----- EXTRACTED ENTRIES

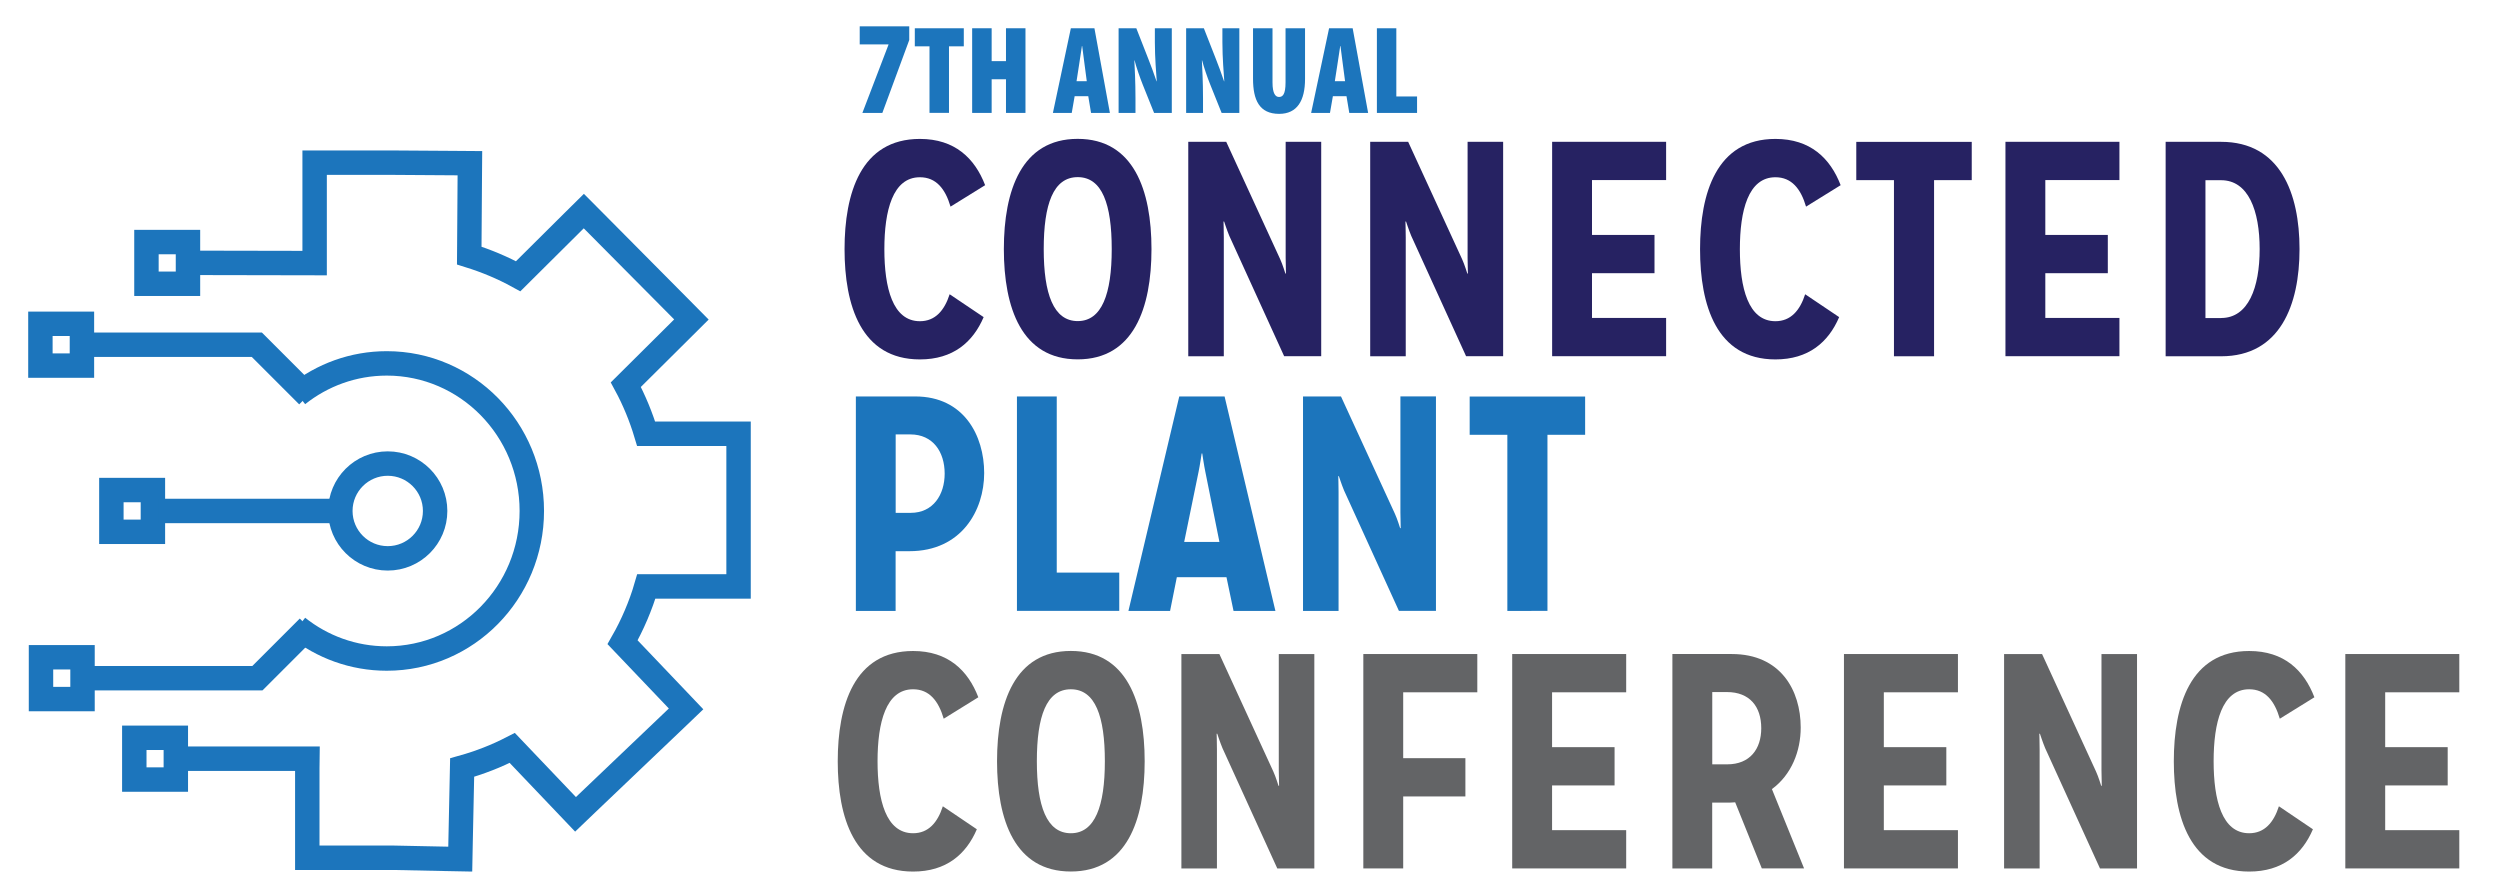 <?xml version="1.0" encoding="utf-8"?>
<!-- Generator: Adobe Illustrator 25.4.1, SVG Export Plug-In . SVG Version: 6.00 Build 0)  -->
<svg version="1.1" id="Layer_1" xmlns="http://www.w3.org/2000/svg" xmlns:xlink="http://www.w3.org/1999/xlink" x="0px" y="0px"
	 viewBox="0 0 422 149.95" style="enable-background:new 0 0 422 149.95;" xml:space="preserve">
<style type="text/css">
	.st0{fill:#1C75BC;}
	.st1{fill:#262262;}
	.st2{fill:#636466;}
	
		.st3{clip-path:url(#SVGID_00000031899893520171225210000003278689212679528636_);fill:none;stroke:#1C75BC;stroke-width:4.123;stroke-miterlimit:10;}
	.st4{fill:none;stroke:#1C75BC;stroke-width:4.123;stroke-miterlimit:10;}
	
		.st5{clip-path:url(#SVGID_00000067920487199632339500000006236704024926442144_);fill:none;stroke:#1C75BC;stroke-width:4.123;stroke-miterlimit:10;}
	
		.st6{clip-path:url(#SVGID_00000169517505598193716450000018113302905657801137_);fill:none;stroke:#1C75BC;stroke-width:4.123;stroke-miterlimit:10;}
</style>
<g>
	<path class="st0" d="M153.48,4.44v2.32l-4.54,12.3h-3.37l4.41-11.52V7.5h-4.86V4.44H153.48z"/>
	<path class="st0" d="M156.9,7.82h-2.48V4.77h8.27v3.05h-2.5v11.23h-3.29V7.82z"/>
	<path class="st0" d="M167.39,4.77v5.55h2.42V4.77h3.29v14.29h-3.29v-5.68h-2.42v5.68h-3.29V4.77H167.39z"/>
	<path class="st0" d="M181.4,16.24l-0.49,2.82h-3.18l3.03-14.29h3.98l2.61,14.29h-3.18l-0.47-2.82H181.4z M183.45,13.72L183.09,11
		c-0.11-0.81-0.3-2.35-0.42-3.24h-0.04c-0.15,0.89-0.36,2.48-0.49,3.24l-0.42,2.71H183.45z"/>
	<path class="st0" d="M188.82,19.06V4.77h2.99l2.01,5.13c0.36,0.91,1.04,2.71,1.4,3.82h0.04c-0.08-1.17-0.32-3.94-0.32-6.63V4.77
		h2.86v14.29h-2.99l-1.93-4.81c-0.44-1.1-1.1-2.99-1.36-4.05h-0.04c0.06,1.23,0.19,3.6,0.19,6.4v2.46H188.82z"/>
	<path class="st0" d="M200.22,19.06V4.77h2.99l2.01,5.13c0.36,0.91,1.04,2.71,1.4,3.82h0.04c-0.08-1.17-0.32-3.94-0.32-6.63V4.77
		h2.86v14.29h-2.99l-1.93-4.81c-0.45-1.1-1.1-2.99-1.36-4.05h-0.04c0.06,1.23,0.19,3.6,0.19,6.4v2.46H200.22z"/>
	<path class="st0" d="M214.8,4.77v9.16c0,1.89,0.51,2.44,1.1,2.44c0.61,0,1.1-0.42,1.1-2.44V4.77h3.29v8.56
		c0,3.67-1.34,5.89-4.37,5.89c-3.35,0-4.41-2.35-4.41-5.93V4.77H214.8z"/>
	<path class="st0" d="M224.99,16.24l-0.49,2.82h-3.18l3.03-14.29h3.98l2.61,14.29h-3.18l-0.47-2.82H224.99z M227.05,13.72L226.69,11
		c-0.11-0.81-0.3-2.35-0.42-3.24h-0.04c-0.15,0.89-0.36,2.48-0.49,3.24l-0.42,2.71H227.05z"/>
	<path class="st0" d="M232.41,4.77h3.29v11.51h3.5v2.78h-6.78V4.77z"/>
</g>
<g>
	<g>
		<path class="st1" d="M166.04,53.53c-1.81,4.24-5.17,7.14-10.76,7.14c-9.98,0-12.72-9.2-12.72-18.61s2.74-18.61,12.72-18.61
			c5.89,0,9.26,3.26,11.01,7.81l-5.84,3.62c-0.88-3-2.43-4.96-5.17-4.96c-4.6,0-6,5.64-6,12.15s1.4,12.15,6,12.15
			c2.59,0,4.14-1.81,5.02-4.55L166.04,53.53z"/>
		<path class="st1" d="M169.45,42.05c0-9.93,3-18.61,12.46-18.61c9.46,0,12.46,8.69,12.46,18.61s-3,18.61-12.46,18.61
			C172.45,60.66,169.45,51.97,169.45,42.05z M187.66,42.05c0-7.55-1.6-12.15-5.74-12.15c-4.14,0-5.74,4.6-5.74,12.15
			s1.65,12.15,5.74,12.15C186,54.2,187.66,49.6,187.66,42.05z"/>
		<path class="st1" d="M216.77,60.14l-9.26-20.32c-0.41-0.98-0.88-2.43-0.88-2.43h-0.1c0,0,0.05,1.55,0.05,2.69v20.06h-6v-36.2h6.41
			l9.1,19.8c0.41,0.88,0.88,2.43,0.88,2.43h0.1c0-0.26-0.05-1.76-0.05-2.64v-19.6h6v36.2H216.77z"/>
		<path class="st1" d="M247.48,60.14l-9.26-20.32c-0.41-0.98-0.88-2.43-0.88-2.43h-0.1c0,0,0.05,1.55,0.05,2.69v20.06h-6v-36.2h6.41
			l9.1,19.8c0.41,0.88,0.88,2.43,0.88,2.43h0.1c0-0.26-0.05-1.76-0.05-2.64v-19.6h6v36.2H247.48z"/>
		<path class="st1" d="M262,60.14v-36.2h19.24v6.46h-12.51v9.26h10.55v6.46h-10.55v7.55h12.51v6.46H262z"/>
		<path class="st1" d="M310.45,53.53c-1.81,4.24-5.17,7.14-10.76,7.14c-9.98,0-12.72-9.2-12.72-18.61s2.74-18.61,12.72-18.61
			c5.9,0,9.26,3.26,11.01,7.81l-5.84,3.62c-0.88-3-2.43-4.96-5.17-4.96c-4.6,0-6,5.64-6,12.15s1.4,12.15,6,12.15
			c2.59,0,4.14-1.81,5.02-4.55L310.45,53.53z"/>
		<path class="st1" d="M319.7,60.14V30.41h-6.36v-6.46h19.49v6.46h-6.36v29.73H319.7z"/>
		<path class="st1" d="M338.52,60.14v-36.2h19.24v6.46h-12.51v9.26h10.55v6.46h-10.55v7.55h12.51v6.46H338.52z"/>
		<path class="st1" d="M365.56,60.14v-36.2h9.36c9.98,0,13.24,8.69,13.24,18.1s-3.26,18.1-13.24,18.1H365.56z M374.92,53.68
			c4.6,0,6.51-5.12,6.51-11.63s-1.91-11.63-6.51-11.63h-2.64v23.27H374.92z"/>
		<path class="st2" d="M164.89,139.98c-1.81,4.24-5.17,7.14-10.76,7.14c-9.98,0-12.72-9.2-12.72-18.61
			c0-9.41,2.74-18.62,12.72-18.62c5.89,0,9.26,3.26,11.01,7.81l-5.84,3.62c-0.88-3-2.43-4.97-5.17-4.97c-4.6,0-6,5.64-6,12.15
			c0,6.51,1.4,12.15,6,12.15c2.59,0,4.14-1.81,5.02-4.55L164.89,139.98z"/>
		<path class="st2" d="M168.3,128.5c0-9.93,3-18.62,12.46-18.62c9.46,0,12.46,8.69,12.46,18.62c0,9.93-3,18.61-12.46,18.61
			C171.3,147.12,168.3,138.43,168.3,128.5z M186.5,128.5c0-7.55-1.6-12.15-5.74-12.15c-4.14,0-5.74,4.6-5.74,12.15
			c0,7.55,1.65,12.15,5.74,12.15C184.84,140.66,186.5,136.05,186.5,128.5z"/>
		<path class="st2" d="M215.61,146.6l-9.26-20.32c-0.41-0.98-0.88-2.43-0.88-2.43h-0.1c0,0,0.05,1.55,0.05,2.69v20.06h-6v-36.2h6.41
			l9.1,19.81c0.41,0.88,0.88,2.43,0.88,2.43h0.1c0-0.26-0.05-1.76-0.05-2.64v-19.6h6v36.2H215.61z"/>
		<path class="st2" d="M230.13,146.6v-36.2h19.24v6.46h-12.51v11.12h10.5v6.46h-10.5v12.15H230.13z"/>
		<path class="st2" d="M255.26,146.6v-36.2h19.24v6.46h-12.51v9.26h10.55v6.46h-10.55v7.55h12.51v6.46H255.26z"/>
		<path class="st2" d="M297.4,146.6l-4.5-11.17c-0.52,0.05-1.03,0.05-1.55,0.05h-2.33v11.12h-6.72v-36.2h10.03
			c8.22,0,11.63,6.1,11.63,12.41c0,3.98-1.55,7.96-4.86,10.39l5.43,13.39H297.4z M291.56,129.02c3.83,0,5.74-2.58,5.74-6.1
			c0-3.67-1.97-6.1-5.79-6.1h-2.48v12.2H291.56z"/>
		<path class="st2" d="M311.26,146.6v-36.2h19.24v6.46h-12.51v9.26h10.55v6.46h-10.55v7.55h12.51v6.46H311.26z"/>
		<path class="st2" d="M354.48,146.6l-9.26-20.32c-0.41-0.98-0.88-2.43-0.88-2.43h-0.1c0,0,0.05,1.55,0.05,2.69v20.06h-6v-36.2h6.41
			l9.1,19.81c0.41,0.88,0.88,2.43,0.88,2.43h0.1c0-0.26-0.05-1.76-0.05-2.64v-19.6h6v36.2H354.48z"/>
		<path class="st2" d="M390.42,139.98c-1.81,4.24-5.17,7.14-10.76,7.14c-9.98,0-12.72-9.2-12.72-18.61
			c0-9.41,2.74-18.62,12.72-18.62c5.9,0,9.26,3.26,11.01,7.81l-5.84,3.62c-0.88-3-2.43-4.97-5.17-4.97c-4.6,0-6,5.64-6,12.15
			c0,6.51,1.4,12.15,6,12.15c2.59,0,4.14-1.81,5.02-4.55L390.42,139.98z"/>
		<path class="st2" d="M395.89,146.6v-36.2h19.24v6.46h-12.51v9.26h10.55v6.46h-10.55v7.55h12.51v6.46H395.89z"/>
	</g>
	<path class="st0" d="M144.47,103.12v-36.2h10.03c8.22,0,11.63,6.62,11.63,12.93c0,6.31-3.83,13.19-12.62,13.19h-2.33v10.08H144.47z
		 M153.72,86.57c3.83,0,5.74-3.1,5.74-6.62c0-3.67-1.97-6.62-5.79-6.62h-2.48v13.24H153.72z"/>
	<path class="st0" d="M171.66,103.12v-36.2h6.72v29.73h10.55v6.46H171.66z"/>
	<path class="st0" d="M208.22,103.12l-1.19-5.69h-8.38l-1.14,5.69h-7.03l8.58-36.2h7.65l8.58,36.2H208.22z M203.46,79.64
		c-0.21-0.98-0.52-3.1-0.52-3.1h-0.1c0,0-0.31,2.12-0.52,3.1l-2.43,11.84h5.95L203.46,79.64z"/>
	<path class="st0" d="M236.14,103.12l-9.26-20.32c-0.41-0.98-0.88-2.43-0.88-2.43h-0.1c0,0,0.05,1.55,0.05,2.69v20.06h-6v-36.2h6.41
		l9.1,19.8c0.41,0.88,0.88,2.43,0.88,2.43h0.1c0-0.26-0.05-1.76-0.05-2.64v-19.6h6v36.2H236.14z"/>
	<path class="st0" d="M254.44,103.12V73.39h-6.36v-6.46h19.49v6.46h-6.36v29.73H254.44z"/>
</g>
<g>
	<g>
		<defs>
			<rect id="SVGID_1_" x="4.76" y="25.4" width="121.97" height="121.72"/>
		</defs>
		<clipPath id="SVGID_00000003787325123474591720000014018031109853534081_">
			<use xlink:href="#SVGID_1_"  style="overflow:visible;"/>
		</clipPath>
		
			<circle style="clip-path:url(#SVGID_00000003787325123474591720000014018031109853534081_);fill:none;stroke:#1C75BC;stroke-width:4.123;stroke-miterlimit:10;" cx="65.45" cy="86.25" r="8"/>
		
			<path style="clip-path:url(#SVGID_00000003787325123474591720000014018031109853534081_);fill:none;stroke:#1C75BC;stroke-width:4.123;stroke-miterlimit:10;" d="
			M30.67,128.07h21.22l-0.02,1.6v15.12h4.29H66.4l8.71,0.18l2.58,0.05l0.05-2.59l0.27-12.87c1.47-0.41,2.91-0.89,4.32-1.44
			c1.42-0.55,2.8-1.18,4.14-1.87l8.89,9.33l1.79,1.88l1.87-1.79l14.92-14.22l1.87-1.79l-1.78-1.87l-8.94-9.38
			c0.85-1.49,1.61-3.02,2.28-4.6c0.66-1.55,1.25-3.16,1.73-4.82h12.98h2.59v-2.59V75.81v-2.59h-2.59h-13.01
			c-0.43-1.43-0.93-2.84-1.5-4.22c-0.58-1.4-1.22-2.76-1.93-4.07l9.24-9.18l1.83-1.82l-1.82-1.84l-14.52-14.63l-1.82-1.83
			l-1.84,1.82l-9.24,9.18c-1.31-0.72-2.67-1.37-4.04-1.95c-1.38-0.58-2.78-1.09-4.22-1.54l0.09-13.02l0.02-2.57l-2.6-0.02
			l-10.3-0.07H55.88h-2.77v15.42l0,1.53l-20.39-0.04"/>
		
			<path style="clip-path:url(#SVGID_00000003787325123474591720000014018031109853534081_);fill:none;stroke:#1C75BC;stroke-width:4.123;stroke-miterlimit:10;" d="
			M50.23,105.89c4.15,3.3,9.38,5.27,15.06,5.27c13.52,0,24.48-11.15,24.48-24.91S78.81,61.34,65.29,61.34
			c-5.68,0-10.9,1.97-15.06,5.27"/>
	</g>
	<polygon class="st4" points="24.72,40.86 24.72,47.9 31.73,47.9 31.73,45.01 31.73,40.86 	"/>
	<g>
		<defs>
			<rect id="SVGID_00000047051490065506412620000004898432096073577108_" x="4.76" y="25.4" width="121.97" height="121.72"/>
		</defs>
		<clipPath id="SVGID_00000016783617613738064620000012899687047739393414_">
			<use xlink:href="#SVGID_00000047051490065506412620000004898432096073577108_"  style="overflow:visible;"/>
		</clipPath>
		
			<polygon style="clip-path:url(#SVGID_00000016783617613738064620000012899687047739393414_);fill:none;stroke:#1C75BC;stroke-width:4.123;stroke-miterlimit:10;" points="
			6.82,54.66 6.82,61.71 13.83,61.71 13.83,58.82 13.83,54.66 		"/>
	</g>
	<polyline class="st4" points="51.96,66.8 43.35,58.19 14.83,58.19 	"/>
	<polygon class="st4" points="18.8,82.72 18.8,89.77 25.81,89.77 25.81,86.88 25.81,82.72 	"/>
	<line class="st4" x1="56.24" y1="86.25" x2="26.8" y2="86.25"/>
	<polygon class="st4" points="22.67,131.59 22.67,124.54 29.68,124.54 29.68,127.44 29.68,131.59 	"/>
	<g>
		<defs>
			<rect id="SVGID_00000058587473693595579680000012078800117687896729_" x="4.76" y="25.4" width="121.97" height="121.72"/>
		</defs>
		<clipPath id="SVGID_00000032647634263845683110000013359732254934449300_">
			<use xlink:href="#SVGID_00000058587473693595579680000012078800117687896729_"  style="overflow:visible;"/>
		</clipPath>
		
			<polygon style="clip-path:url(#SVGID_00000032647634263845683110000013359732254934449300_);fill:none;stroke:#1C75BC;stroke-width:4.123;stroke-miterlimit:10;" points="
			6.92,118 6.92,110.95 13.93,110.95 13.93,113.85 13.93,118 		"/>
	</g>
	<polyline class="st4" points="52.06,105.87 43.45,114.48 14.93,114.48 	"/>
</g>
</svg>

----------

REQUIRED WORK:
Copy down each line in the entries that has the word "polyline".

SOLUTION TO THIS EXERCISE:
	<polyline class="st4" points="51.96,66.8 43.35,58.19 14.83,58.19 	"/>
	<polyline class="st4" points="52.06,105.87 43.45,114.48 14.93,114.48 	"/>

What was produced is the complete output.